If the diaphragm is bad or oriented improperly, then you need to clean the plugs - they will be fouled, which may cause a cylinder not to fire.

Kite
10-28-2007, 11:22 PM
Sorry that I haven't posted. Here is my update. I am sort of new to MGs and I didn't know this was even possible, but the problem was that the gas was really old. I had some friends take a look at it. They were puzzled, but they thought the gas smelled a lot like varnish. I eventually took it into a garage to have the timing checked out and it was right on. The compression was right on. Anyway, it turned out to be the gas. Now it is running great on all 4 cylinders. I also got my Haynes manual in the mail. So now, I have a bunch of other projects to fix with the electrical like blinkers and the tachometer.
Thanks for all the help.
Aaron

jdemgb
10-29-2007, 11:29 PM
Great news! Have fun!

gerrym
11-30-2007, 03:07 PM
Been Reading On Your Problem And Maybe I Can Help.

First Pull A Plug After You Try To Start The Car. Wet Or Dry?
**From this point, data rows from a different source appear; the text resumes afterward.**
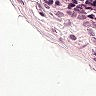
Metastatic tissue present: no
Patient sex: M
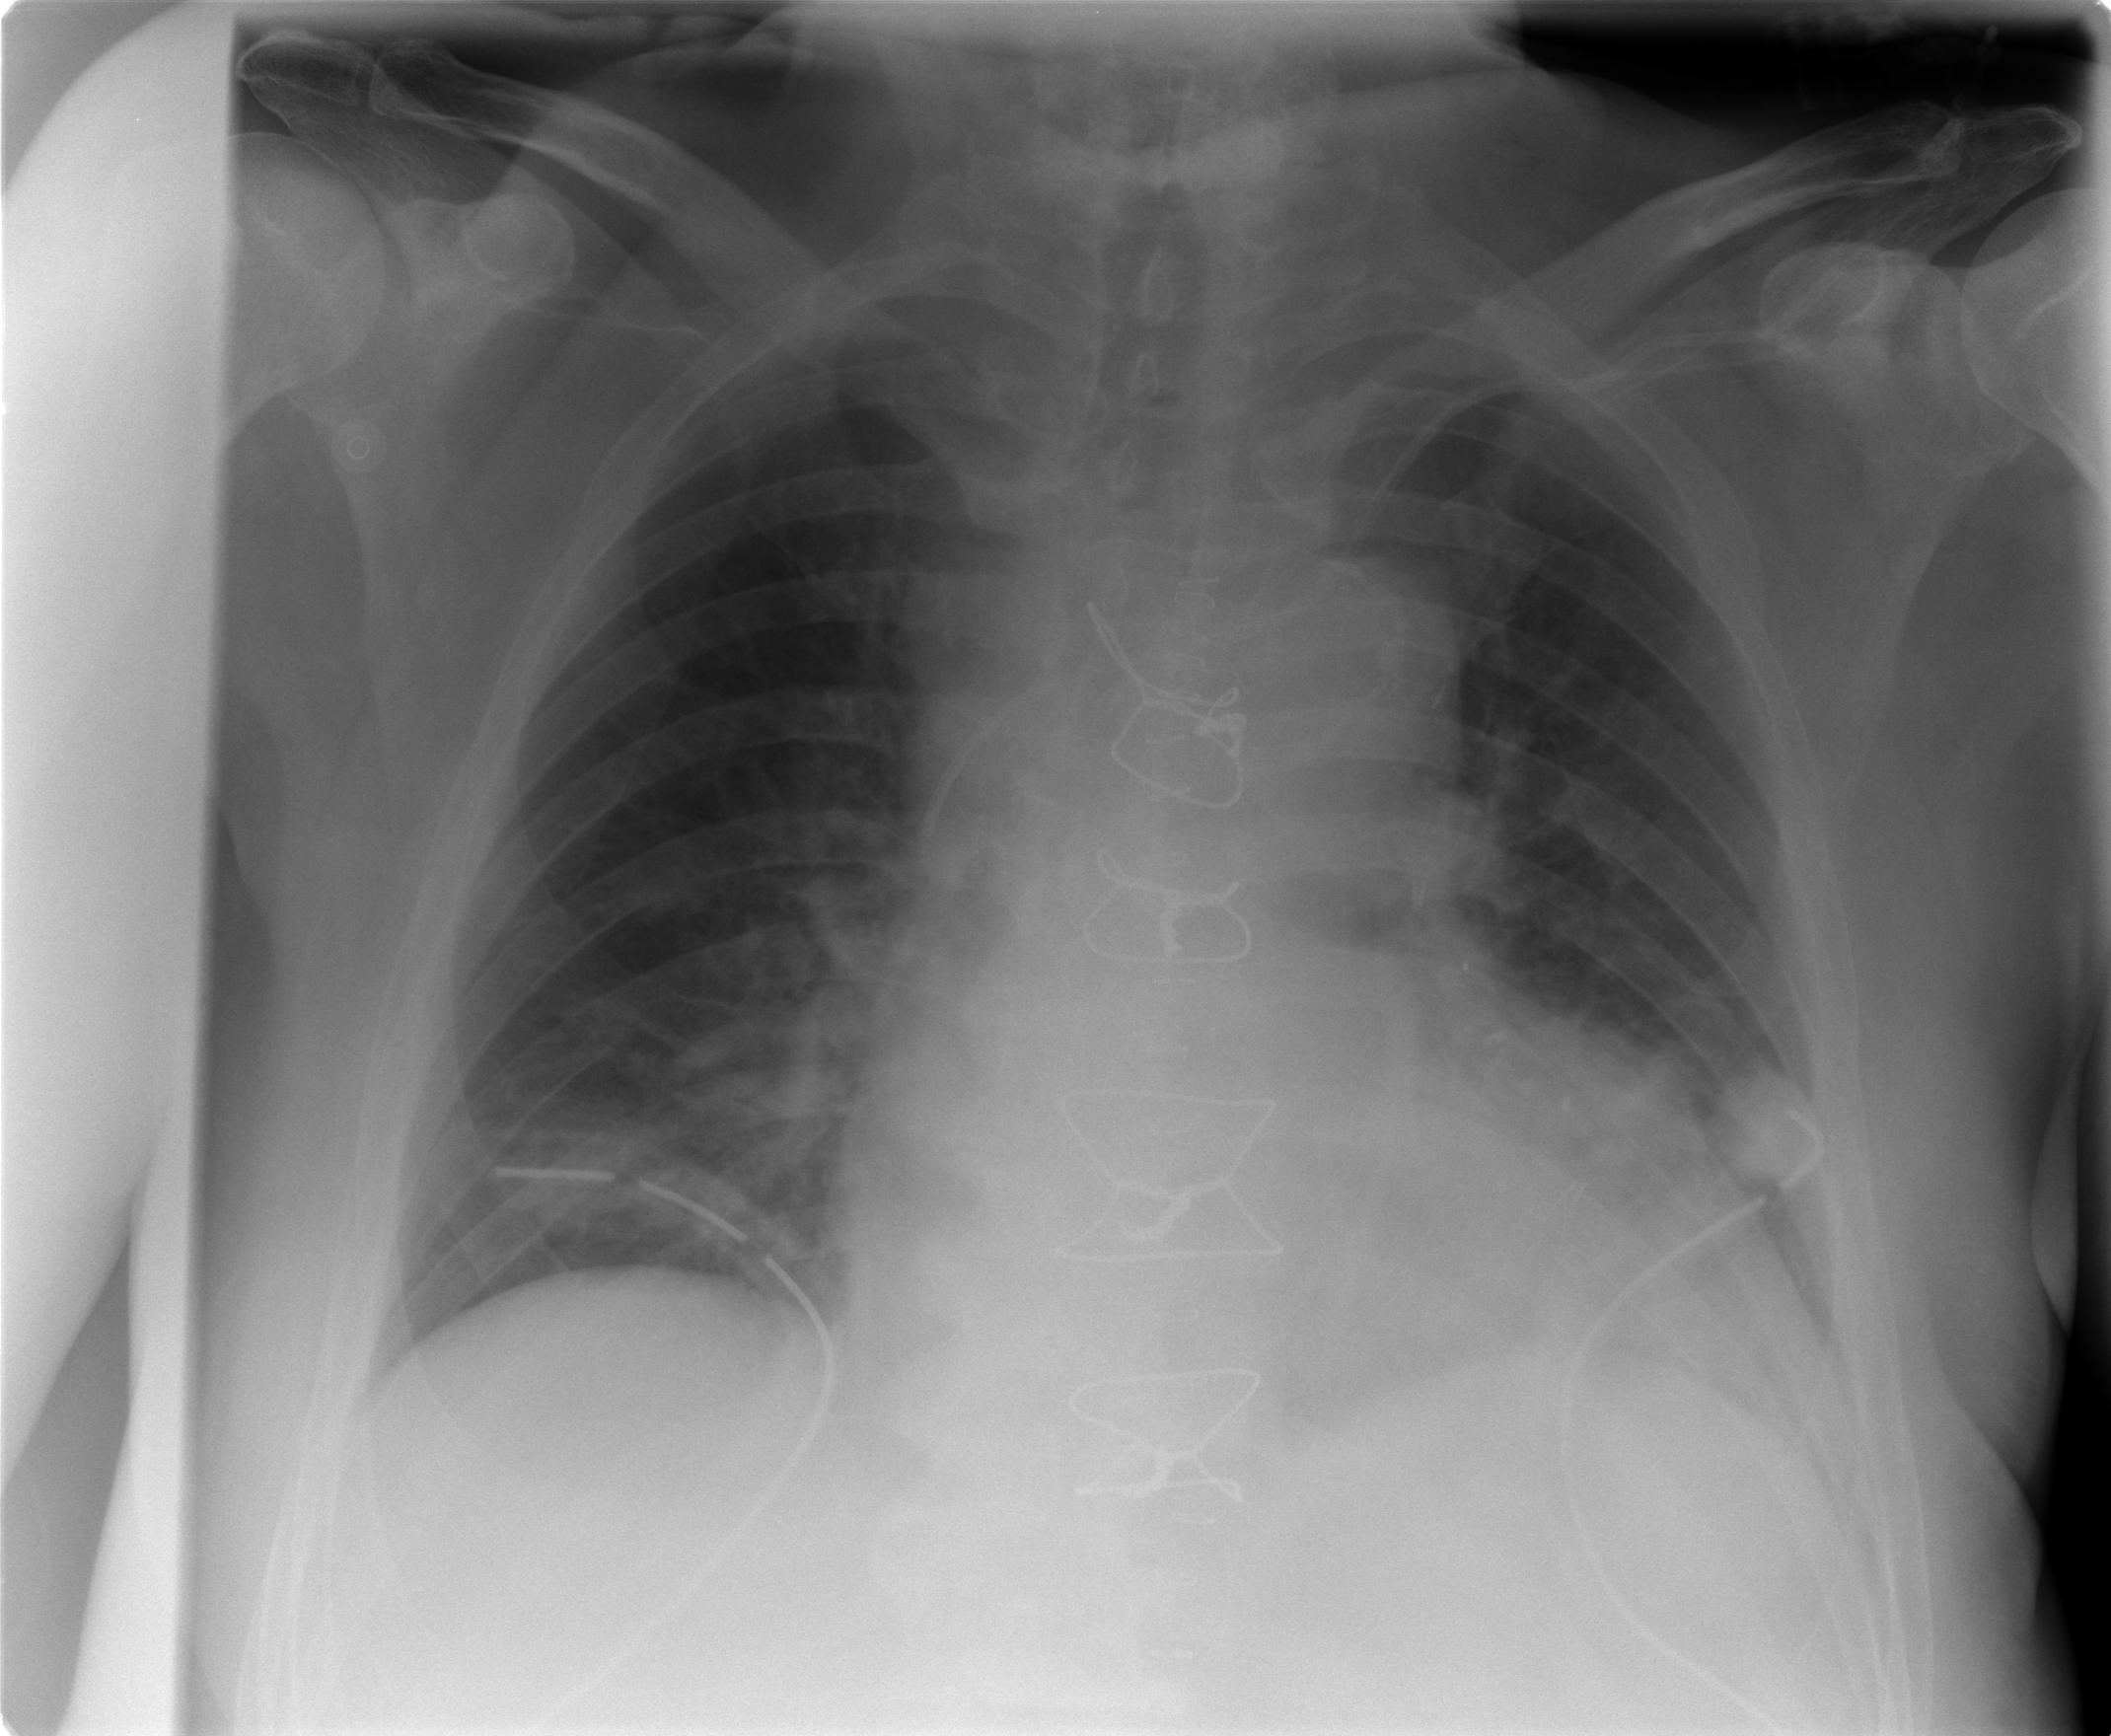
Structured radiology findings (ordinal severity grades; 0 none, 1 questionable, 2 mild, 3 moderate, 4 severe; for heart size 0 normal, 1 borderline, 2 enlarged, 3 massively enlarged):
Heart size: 2
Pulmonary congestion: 2
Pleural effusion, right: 0
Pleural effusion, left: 0
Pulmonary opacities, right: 0
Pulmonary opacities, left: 0
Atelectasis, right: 2
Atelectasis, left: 2
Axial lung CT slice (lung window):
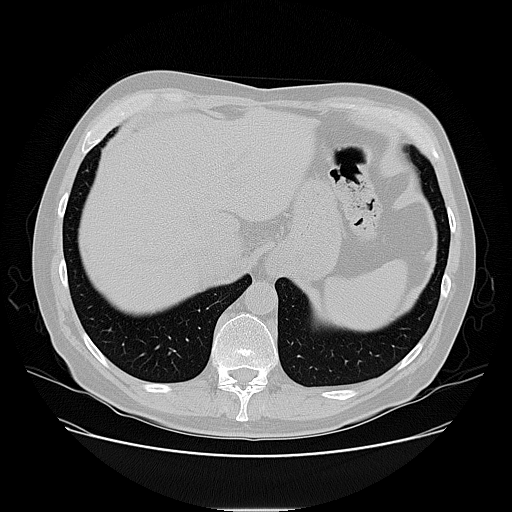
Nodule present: no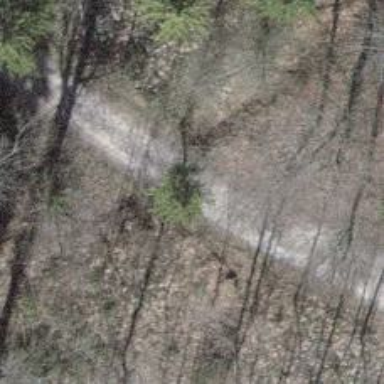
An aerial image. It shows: Gravel track with grade 2 quality.
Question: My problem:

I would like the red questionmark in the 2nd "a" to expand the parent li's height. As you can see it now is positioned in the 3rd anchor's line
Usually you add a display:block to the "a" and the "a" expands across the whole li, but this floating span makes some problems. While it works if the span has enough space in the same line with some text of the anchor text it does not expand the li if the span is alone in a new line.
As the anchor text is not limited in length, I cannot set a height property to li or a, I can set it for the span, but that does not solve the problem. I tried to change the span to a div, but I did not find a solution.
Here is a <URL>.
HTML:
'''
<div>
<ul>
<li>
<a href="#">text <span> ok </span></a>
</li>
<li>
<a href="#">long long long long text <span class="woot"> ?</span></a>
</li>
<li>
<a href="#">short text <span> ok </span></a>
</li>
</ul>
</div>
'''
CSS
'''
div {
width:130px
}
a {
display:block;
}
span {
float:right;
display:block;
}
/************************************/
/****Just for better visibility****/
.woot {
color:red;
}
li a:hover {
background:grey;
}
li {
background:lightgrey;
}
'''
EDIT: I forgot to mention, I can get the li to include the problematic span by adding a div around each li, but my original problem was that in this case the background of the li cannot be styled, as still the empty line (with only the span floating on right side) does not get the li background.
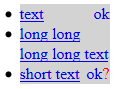
Answer: I would use a class on the parent 'a' element and give a padding to it :
'''
a.wooted {
padding-right: 6px;
position: relative;
}
'''
Then you just position absolute your question mark to the bottom right of it :
'''
.woot {
color:red;
position: absolute;
right: 0;
bottom: 0;
}
'''
<URL>

You May Also Have A Vacuum Leak. Sucking Air Into The System Not Allowing Gas To Get Into The Cylinder. Check All Hoses And Around All Gasgets While Cracking The Car. Listen For A Difference.

KimMG
12-01-2007, 11:10 AM
Fixing electrical problems aren't too difficult, just tedious. You will need a multimeter or a test light and a copy of the wiring diagram. The Haynes diagrams aren't the best, too many years combined into one and there are errors. For a wiring diagram, go to http://www.advanceautowire.com and click on "stock schematics". Use the page for '78 and later from Bentley. Make yourself a couple of enlarged copies, one for reference, and one to make notes on as you check the circuits. Most electrical problems are caused by dirty, corroded connections. Bullet connectors and sleeve connectors are available at www.britishwiring.com
Dan Masters has instructions for installing bullet connecters on his site, http://www.advanceautowire.com click on "instruction manuals" then click on "headlight relay kit".
"The fuse is fine" is a common phrase I hear. There will be nothing wrong with the fuse, but the problem will be corroded contacts in the fuse box. Use your meter or test light to check for power at the wire terminals going to various components in the circuit you are checking.
After checking for power, check the ground connections, making sure they are clean and secure. Use dielectric grease on connectors you have cleaned to prevent future corrosion.